[Start of section]

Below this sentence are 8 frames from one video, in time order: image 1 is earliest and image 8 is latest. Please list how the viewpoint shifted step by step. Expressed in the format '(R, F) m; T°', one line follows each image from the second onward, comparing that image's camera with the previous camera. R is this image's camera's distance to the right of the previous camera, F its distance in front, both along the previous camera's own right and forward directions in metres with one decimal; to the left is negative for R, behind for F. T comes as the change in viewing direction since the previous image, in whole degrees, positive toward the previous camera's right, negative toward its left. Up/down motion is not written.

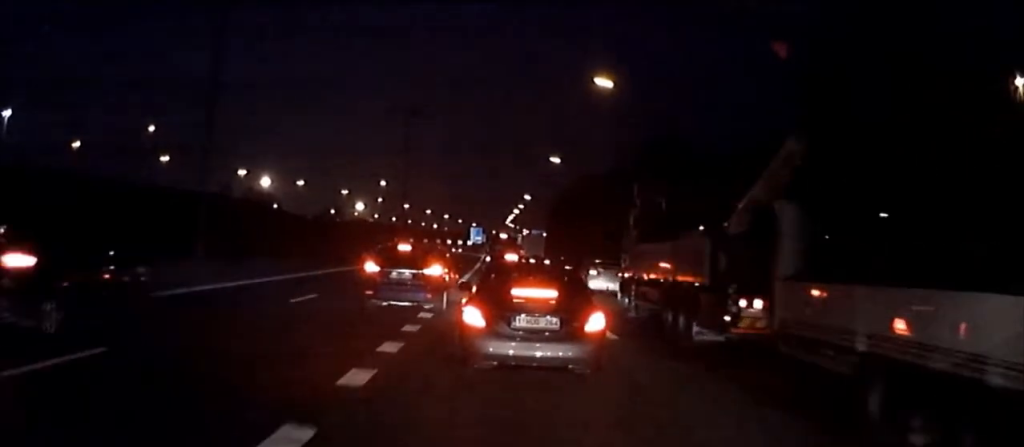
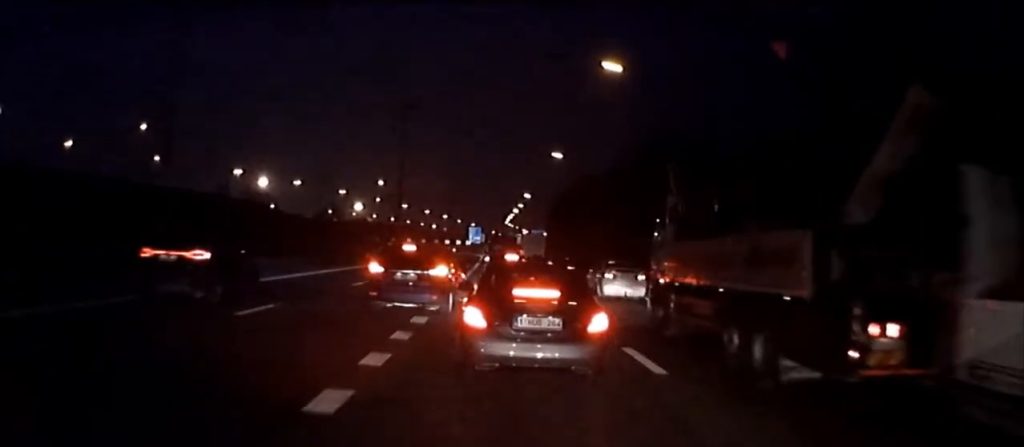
(0.0, +3.3) m; 0°
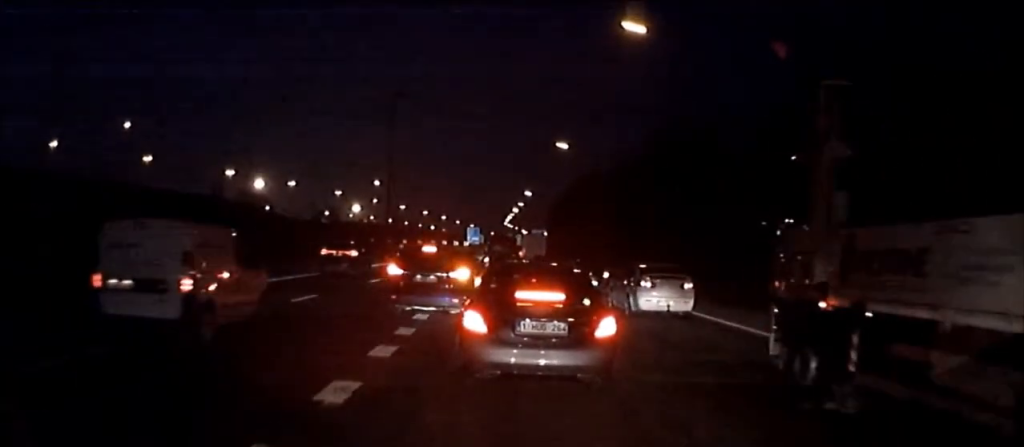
(-0.1, +8.0) m; -1°
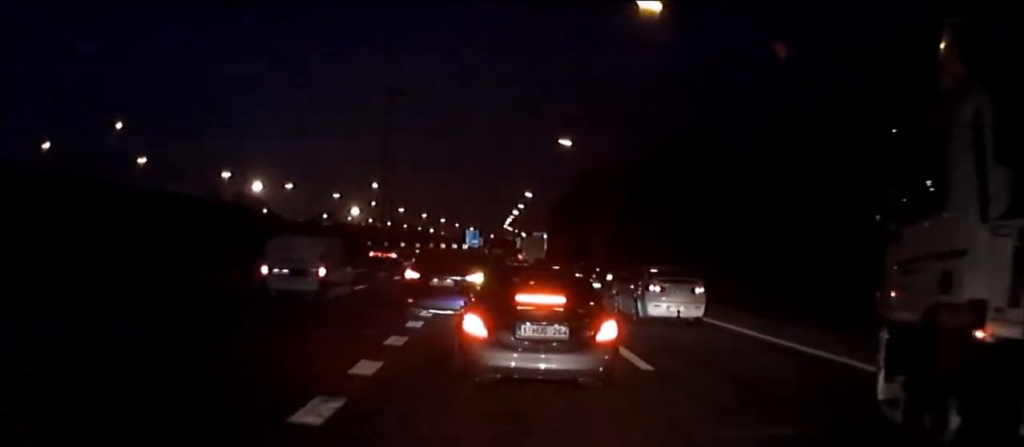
(0.0, +3.5) m; 0°
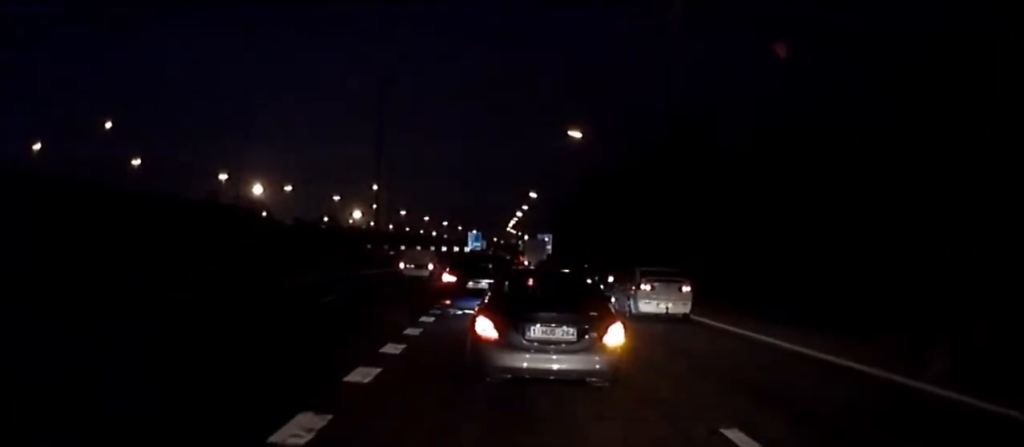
(0.0, +6.8) m; +1°
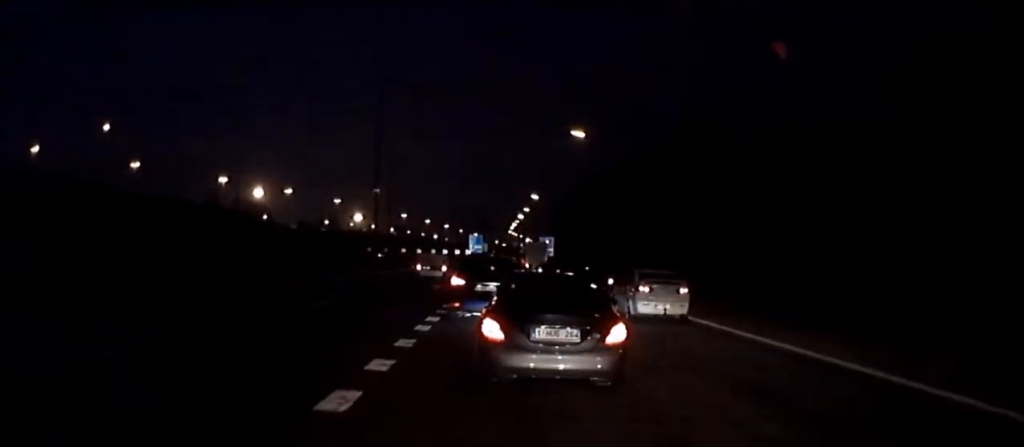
(0.0, +1.8) m; 0°
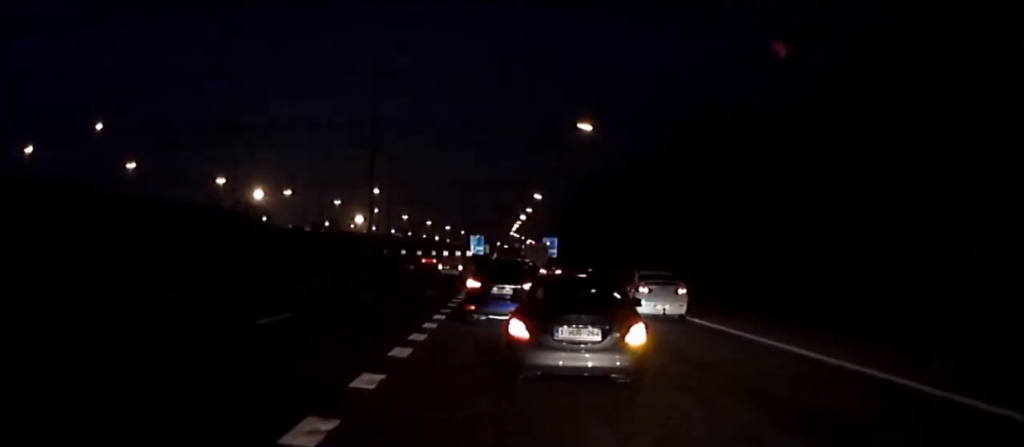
(-0.1, +4.1) m; -1°
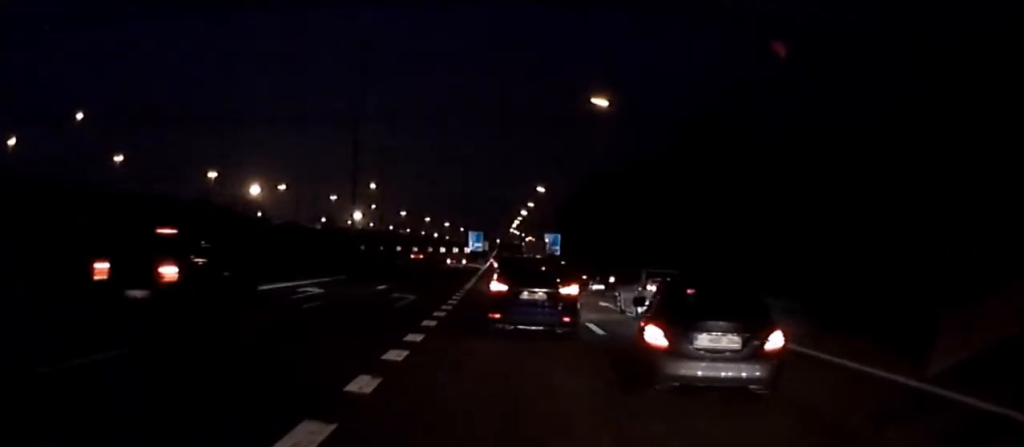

[End of section]

▸ WHAT YOU NEED TO DO
Would you return all of the entries unchanged while omitting the images?

▸ ANSWER FOR THIS EXERCISE
Below this sentence are 8 frames from one video, in time order: image 1 is earliest and image 8 is latest. Please list how the viewpoint shifted step by step. Expressed in the format '(R, F) m; T°', one line follows each image from the second onward, comparing that image's camera with the previous camera. R is this image's camera's distance to the right of the previous camera, F its distance in front, both along the previous camera's own right and forward directions in metres with one decimal; to the left is negative for R, behind for F. T comes as the change in viewing direction since the previous image, in whole degrees, positive toward the previous camera's right, negative toward its left. Up/down motion is not written.

(0.0, +3.3) m; 0°
(-0.1, +8.0) m; -1°
(0.0, +3.5) m; 0°
(0.0, +6.8) m; +1°
(0.0, +1.8) m; 0°
(-0.1, +4.1) m; -1°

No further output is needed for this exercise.